Section 706 of the Communications Act gives the FCC the authority to "encourage the deployment of advanced telecommunications to all Americans," a line of authority the FCC has traced to encouraging wireless build-outs (pole attachment reforms, for one), migrating phone subsidies to broadband and codifying its network neutrality guidelines, although FCC Commissioner Robert McDowell has suggested that the invocation of 706 authority as a blanket defense of broadband-related regs is skating on thin legal ice.

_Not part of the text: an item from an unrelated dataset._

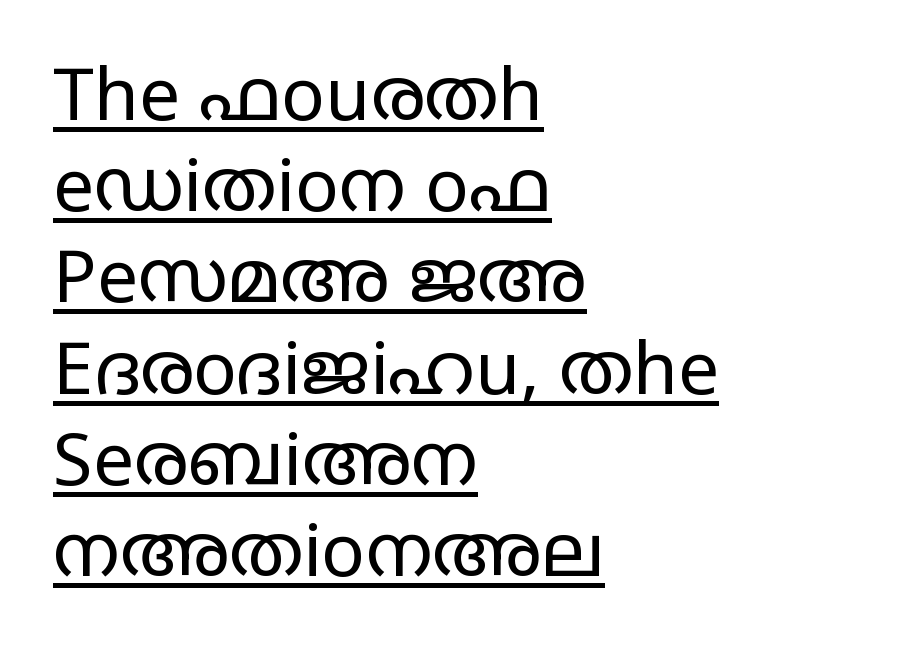
The image shows 73 px regular-weight, wide sans-serif type, upright; set left-aligned, normal line spacing (1.25x), normal letter spacing, underlined; low stroke contrast and a large x-height.

In their meeting with Media Bureau Chief Bill Lake and others, the National Telecommunications Cooperative Association, OPASTCO (the Organization for the Promotion and Advancement of Small Telecommunications Companies) the Western Telecom Alliance and CenturyLink, said the commission has the authority under the Cable Act to reform the rules, but also said it had Section 706 authority. They argued that retransmission consent was one of those barriers to broadband investment [the more they have to pay in retrans, the less they have for other things] that the FCC has said 706 gives the commission the broad ancillary authority to redress.
An aide to one of the commissioners said it was the first time they had heard 706 used to argue for retrans reform. A veteran cable attorney seconded that observation, pointing out that, given this FCC's focus on broadband and the chairman's reluctance to get into private negotiations, tying reform to broadband deployment was a "new wrinkle" that made sense.
The FCC currently has an open proceeding proposing some changes to retrans. The commission voted unanimously last March to better clarify what good faith bargaining means. FCC Chairman Julius Genachowski has signaled that the commission's authority is limited by statute to ensuring good faith negotiations.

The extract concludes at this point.